JP6588261B2 - Insulation monitoring device and inverter device - Google Patents

Description

  The present invention relates to an insulation monitoring technique for monitoring a ground insulation resistance of an AC circuit.

  When insulation monitoring is performed, leakage current is measured using a zero-phase current transformer (ZCT). An example of a conventional insulation monitoring apparatus is shown in FIG. If leakage current is measured using a zero-phase current transformer (ZCT), the leakage current of harmonic components, capacitor components, and resistance is measured. The leakage current resulting from an accident or fire is a leakage current corresponding to the resistance, and the insulation leakage must be monitored by measuring the leakage current corresponding to the resistance.

  As background art for performing conventional insulation monitoring, there are an injection method (Igr method) and a vector operation method (Ior method).
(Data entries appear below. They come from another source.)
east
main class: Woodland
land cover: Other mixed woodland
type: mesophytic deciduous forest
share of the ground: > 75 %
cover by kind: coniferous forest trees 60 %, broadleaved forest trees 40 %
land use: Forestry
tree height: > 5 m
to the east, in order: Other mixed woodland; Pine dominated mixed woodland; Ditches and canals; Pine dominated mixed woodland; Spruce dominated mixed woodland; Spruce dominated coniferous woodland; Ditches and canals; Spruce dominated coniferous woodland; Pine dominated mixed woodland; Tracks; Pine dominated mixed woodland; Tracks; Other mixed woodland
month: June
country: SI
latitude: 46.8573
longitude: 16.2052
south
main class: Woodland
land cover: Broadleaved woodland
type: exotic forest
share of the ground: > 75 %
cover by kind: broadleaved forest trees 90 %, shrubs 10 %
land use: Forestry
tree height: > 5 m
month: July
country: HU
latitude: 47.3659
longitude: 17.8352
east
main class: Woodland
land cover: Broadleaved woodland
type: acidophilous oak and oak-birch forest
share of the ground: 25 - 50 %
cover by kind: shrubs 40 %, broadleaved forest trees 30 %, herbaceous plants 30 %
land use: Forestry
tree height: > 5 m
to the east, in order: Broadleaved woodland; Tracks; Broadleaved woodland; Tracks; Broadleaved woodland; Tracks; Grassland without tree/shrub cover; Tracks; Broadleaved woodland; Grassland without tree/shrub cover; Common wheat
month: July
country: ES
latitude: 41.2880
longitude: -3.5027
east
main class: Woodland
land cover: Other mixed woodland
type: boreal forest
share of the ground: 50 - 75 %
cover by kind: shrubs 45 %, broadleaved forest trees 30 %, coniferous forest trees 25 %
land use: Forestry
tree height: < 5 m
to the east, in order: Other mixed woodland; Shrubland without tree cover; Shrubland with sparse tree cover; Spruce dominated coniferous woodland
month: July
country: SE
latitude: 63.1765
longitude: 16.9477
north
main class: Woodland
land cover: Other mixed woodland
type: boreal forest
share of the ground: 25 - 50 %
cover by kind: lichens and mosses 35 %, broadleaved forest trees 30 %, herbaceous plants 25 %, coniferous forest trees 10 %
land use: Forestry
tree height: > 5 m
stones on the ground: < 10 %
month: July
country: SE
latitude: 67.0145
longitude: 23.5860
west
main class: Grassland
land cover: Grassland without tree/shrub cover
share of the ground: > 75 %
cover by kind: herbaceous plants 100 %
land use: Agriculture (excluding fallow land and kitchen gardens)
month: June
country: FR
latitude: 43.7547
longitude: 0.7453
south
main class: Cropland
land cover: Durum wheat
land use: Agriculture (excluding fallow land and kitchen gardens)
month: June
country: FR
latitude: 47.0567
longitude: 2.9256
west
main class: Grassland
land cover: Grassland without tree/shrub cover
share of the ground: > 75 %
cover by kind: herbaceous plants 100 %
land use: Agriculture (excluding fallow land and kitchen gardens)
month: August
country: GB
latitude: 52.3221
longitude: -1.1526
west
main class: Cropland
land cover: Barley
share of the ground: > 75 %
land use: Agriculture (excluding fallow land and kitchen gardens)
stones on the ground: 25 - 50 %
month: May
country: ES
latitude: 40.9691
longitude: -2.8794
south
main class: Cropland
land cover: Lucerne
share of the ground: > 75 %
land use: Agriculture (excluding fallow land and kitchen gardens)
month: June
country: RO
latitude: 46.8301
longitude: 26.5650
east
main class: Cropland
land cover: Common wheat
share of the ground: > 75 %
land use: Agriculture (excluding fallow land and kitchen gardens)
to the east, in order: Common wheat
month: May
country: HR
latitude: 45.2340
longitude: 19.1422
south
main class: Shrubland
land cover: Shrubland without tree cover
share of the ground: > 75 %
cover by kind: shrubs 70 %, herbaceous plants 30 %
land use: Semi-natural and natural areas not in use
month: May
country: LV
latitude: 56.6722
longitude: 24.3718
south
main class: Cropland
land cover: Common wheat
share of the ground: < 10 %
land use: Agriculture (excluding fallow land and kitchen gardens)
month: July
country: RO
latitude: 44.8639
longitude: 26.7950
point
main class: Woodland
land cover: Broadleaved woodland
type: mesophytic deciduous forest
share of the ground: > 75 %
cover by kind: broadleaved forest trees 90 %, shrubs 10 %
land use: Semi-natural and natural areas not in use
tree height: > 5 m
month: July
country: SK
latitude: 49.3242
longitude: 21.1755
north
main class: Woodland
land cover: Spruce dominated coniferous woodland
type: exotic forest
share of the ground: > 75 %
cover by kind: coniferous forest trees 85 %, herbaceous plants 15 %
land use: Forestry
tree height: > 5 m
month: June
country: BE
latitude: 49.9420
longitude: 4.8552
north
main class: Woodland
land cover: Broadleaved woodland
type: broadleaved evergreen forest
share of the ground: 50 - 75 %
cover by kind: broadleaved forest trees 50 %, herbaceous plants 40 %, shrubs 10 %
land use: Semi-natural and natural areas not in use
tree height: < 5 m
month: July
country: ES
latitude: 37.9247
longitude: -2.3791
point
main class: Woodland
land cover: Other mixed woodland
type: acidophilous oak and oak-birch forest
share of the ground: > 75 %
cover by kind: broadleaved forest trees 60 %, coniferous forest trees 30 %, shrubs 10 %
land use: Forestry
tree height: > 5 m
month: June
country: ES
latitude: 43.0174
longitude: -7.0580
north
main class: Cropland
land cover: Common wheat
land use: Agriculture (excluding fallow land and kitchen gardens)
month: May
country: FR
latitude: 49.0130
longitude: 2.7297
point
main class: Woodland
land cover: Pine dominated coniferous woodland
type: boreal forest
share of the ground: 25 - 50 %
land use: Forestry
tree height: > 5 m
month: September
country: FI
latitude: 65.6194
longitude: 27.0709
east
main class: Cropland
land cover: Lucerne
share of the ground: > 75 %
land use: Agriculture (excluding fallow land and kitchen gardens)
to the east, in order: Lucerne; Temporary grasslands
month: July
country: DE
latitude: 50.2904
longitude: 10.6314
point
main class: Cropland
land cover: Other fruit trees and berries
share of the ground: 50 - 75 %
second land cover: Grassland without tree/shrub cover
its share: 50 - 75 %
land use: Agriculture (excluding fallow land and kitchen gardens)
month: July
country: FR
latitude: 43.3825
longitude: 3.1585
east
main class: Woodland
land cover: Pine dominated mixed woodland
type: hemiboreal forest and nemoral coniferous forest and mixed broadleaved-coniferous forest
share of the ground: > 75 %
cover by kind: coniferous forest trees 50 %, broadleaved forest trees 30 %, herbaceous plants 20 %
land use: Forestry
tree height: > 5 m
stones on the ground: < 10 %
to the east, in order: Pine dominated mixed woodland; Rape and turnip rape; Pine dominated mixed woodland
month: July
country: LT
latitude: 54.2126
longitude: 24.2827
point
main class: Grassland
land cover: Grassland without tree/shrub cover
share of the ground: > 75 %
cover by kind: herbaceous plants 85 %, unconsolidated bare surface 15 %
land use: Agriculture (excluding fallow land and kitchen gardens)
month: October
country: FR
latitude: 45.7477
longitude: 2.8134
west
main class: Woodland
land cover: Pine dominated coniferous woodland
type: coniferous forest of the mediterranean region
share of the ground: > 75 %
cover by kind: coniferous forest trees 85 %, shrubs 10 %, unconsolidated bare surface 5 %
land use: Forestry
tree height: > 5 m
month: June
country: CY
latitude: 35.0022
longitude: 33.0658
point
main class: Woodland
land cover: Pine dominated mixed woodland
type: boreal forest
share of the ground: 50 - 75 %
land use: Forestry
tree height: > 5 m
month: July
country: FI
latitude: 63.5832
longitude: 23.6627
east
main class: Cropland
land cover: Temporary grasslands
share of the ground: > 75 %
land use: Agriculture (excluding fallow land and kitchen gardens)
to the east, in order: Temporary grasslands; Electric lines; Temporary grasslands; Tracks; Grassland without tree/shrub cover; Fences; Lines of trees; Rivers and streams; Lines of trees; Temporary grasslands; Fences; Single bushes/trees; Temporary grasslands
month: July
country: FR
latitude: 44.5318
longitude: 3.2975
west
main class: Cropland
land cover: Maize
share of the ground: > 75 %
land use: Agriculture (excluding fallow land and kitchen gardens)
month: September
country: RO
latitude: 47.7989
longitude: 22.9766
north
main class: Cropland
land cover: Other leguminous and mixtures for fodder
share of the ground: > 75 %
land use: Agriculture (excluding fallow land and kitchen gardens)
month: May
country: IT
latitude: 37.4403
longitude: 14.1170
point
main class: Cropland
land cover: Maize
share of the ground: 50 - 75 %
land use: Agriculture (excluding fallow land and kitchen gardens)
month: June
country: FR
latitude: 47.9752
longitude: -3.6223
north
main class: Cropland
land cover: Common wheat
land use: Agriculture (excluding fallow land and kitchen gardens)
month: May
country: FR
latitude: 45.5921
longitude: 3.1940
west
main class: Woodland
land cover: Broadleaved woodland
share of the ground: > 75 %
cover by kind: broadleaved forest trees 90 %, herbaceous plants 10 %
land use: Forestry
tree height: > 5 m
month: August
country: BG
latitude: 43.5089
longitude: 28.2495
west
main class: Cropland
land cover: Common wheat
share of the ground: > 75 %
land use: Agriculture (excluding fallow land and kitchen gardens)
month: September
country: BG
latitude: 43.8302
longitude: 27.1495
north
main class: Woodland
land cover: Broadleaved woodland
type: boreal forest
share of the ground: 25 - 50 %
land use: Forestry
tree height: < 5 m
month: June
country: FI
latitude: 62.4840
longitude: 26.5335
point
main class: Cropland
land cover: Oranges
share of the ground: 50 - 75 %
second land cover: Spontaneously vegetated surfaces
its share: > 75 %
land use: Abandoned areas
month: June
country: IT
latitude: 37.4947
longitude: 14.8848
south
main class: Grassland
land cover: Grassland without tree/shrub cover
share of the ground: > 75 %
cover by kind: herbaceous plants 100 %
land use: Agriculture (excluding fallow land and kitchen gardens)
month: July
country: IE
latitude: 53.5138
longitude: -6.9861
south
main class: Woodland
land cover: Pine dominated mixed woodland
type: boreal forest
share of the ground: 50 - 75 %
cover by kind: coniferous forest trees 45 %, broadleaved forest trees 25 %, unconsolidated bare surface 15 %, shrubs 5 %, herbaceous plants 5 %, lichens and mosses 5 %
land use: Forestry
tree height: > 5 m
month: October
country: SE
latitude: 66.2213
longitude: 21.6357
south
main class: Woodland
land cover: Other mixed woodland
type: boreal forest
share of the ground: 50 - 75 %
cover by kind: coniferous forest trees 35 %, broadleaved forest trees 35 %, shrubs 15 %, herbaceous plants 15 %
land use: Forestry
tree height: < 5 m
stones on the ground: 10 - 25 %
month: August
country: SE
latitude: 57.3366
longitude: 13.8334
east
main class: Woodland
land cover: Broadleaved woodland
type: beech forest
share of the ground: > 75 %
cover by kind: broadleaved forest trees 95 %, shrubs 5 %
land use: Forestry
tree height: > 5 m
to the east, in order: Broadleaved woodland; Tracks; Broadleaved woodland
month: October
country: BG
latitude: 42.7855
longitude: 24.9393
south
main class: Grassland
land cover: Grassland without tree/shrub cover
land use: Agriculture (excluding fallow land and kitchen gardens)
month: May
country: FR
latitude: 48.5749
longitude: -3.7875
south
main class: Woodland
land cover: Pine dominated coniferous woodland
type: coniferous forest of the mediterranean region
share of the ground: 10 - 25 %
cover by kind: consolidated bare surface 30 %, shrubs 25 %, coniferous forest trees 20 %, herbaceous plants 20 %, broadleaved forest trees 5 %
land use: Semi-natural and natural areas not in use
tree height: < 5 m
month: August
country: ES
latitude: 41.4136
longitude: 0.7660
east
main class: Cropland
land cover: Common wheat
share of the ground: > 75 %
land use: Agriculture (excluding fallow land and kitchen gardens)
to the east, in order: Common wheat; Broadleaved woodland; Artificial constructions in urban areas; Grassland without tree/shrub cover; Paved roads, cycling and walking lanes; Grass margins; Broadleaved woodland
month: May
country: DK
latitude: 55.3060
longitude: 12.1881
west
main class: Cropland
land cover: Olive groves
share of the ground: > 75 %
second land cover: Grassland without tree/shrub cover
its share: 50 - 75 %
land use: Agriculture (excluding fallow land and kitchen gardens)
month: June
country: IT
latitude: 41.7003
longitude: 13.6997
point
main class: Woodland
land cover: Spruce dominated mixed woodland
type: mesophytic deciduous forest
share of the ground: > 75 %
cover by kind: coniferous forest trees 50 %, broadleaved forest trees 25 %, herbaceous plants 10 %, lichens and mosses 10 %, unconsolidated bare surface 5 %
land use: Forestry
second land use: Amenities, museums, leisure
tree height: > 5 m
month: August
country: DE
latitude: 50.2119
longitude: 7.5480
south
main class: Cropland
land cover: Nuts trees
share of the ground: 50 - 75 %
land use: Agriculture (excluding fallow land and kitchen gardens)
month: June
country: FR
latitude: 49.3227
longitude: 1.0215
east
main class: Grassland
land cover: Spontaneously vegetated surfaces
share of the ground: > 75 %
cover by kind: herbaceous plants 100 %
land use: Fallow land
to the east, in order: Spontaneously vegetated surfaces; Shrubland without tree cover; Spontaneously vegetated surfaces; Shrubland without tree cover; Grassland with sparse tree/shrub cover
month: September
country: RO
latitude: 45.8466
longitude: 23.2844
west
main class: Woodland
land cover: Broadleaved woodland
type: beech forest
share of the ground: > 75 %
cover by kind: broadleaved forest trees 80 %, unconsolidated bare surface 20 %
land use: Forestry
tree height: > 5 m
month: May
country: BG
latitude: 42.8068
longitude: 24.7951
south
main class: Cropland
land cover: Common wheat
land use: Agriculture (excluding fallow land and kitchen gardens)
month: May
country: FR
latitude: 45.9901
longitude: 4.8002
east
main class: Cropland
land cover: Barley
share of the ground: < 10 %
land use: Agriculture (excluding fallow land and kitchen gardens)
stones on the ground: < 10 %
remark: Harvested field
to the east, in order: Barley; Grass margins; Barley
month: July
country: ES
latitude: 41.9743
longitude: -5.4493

Japanese Unexamined Patent Application Publication No. 2012-251817 (Patent Document 1) is a technique for performing insulation monitoring of an inverter device using a vector calculation method. This publication describes an insulation deterioration monitoring system that monitors insulation deterioration of ground insulation resistance based on the voltage, frequency, and zero-phase current of an AC circuit connected to an inductive load, and the control state of the inductive load An insulation deterioration monitoring system that has a monitoring means for monitoring the insulation deterioration and that monitors the insulation deterioration by a calculation means for calculating a leakage current corresponding to the ground insulation resistance based on the control state of the inductive load detected by the monitoring means. (See summary).

JP2012-251817A

  In an inverter device that drives a motor or an inductive load, an output frequency and an output voltage change every moment according to their rotational speed. In addition, the voltage and frequency do not completely match between the phases for controlling the output of the inverter. In the conventional vector calculation method, it was possible to grasp the insulation state by monitoring the voltage and leakage current of the stable commercial frequency circuit. However, when measuring with the output of the inverter, the inverter output changes every moment, so that there is a problem that the fundamental wave component and the harmonic component cannot be extracted and the leakage current cannot be measured correctly.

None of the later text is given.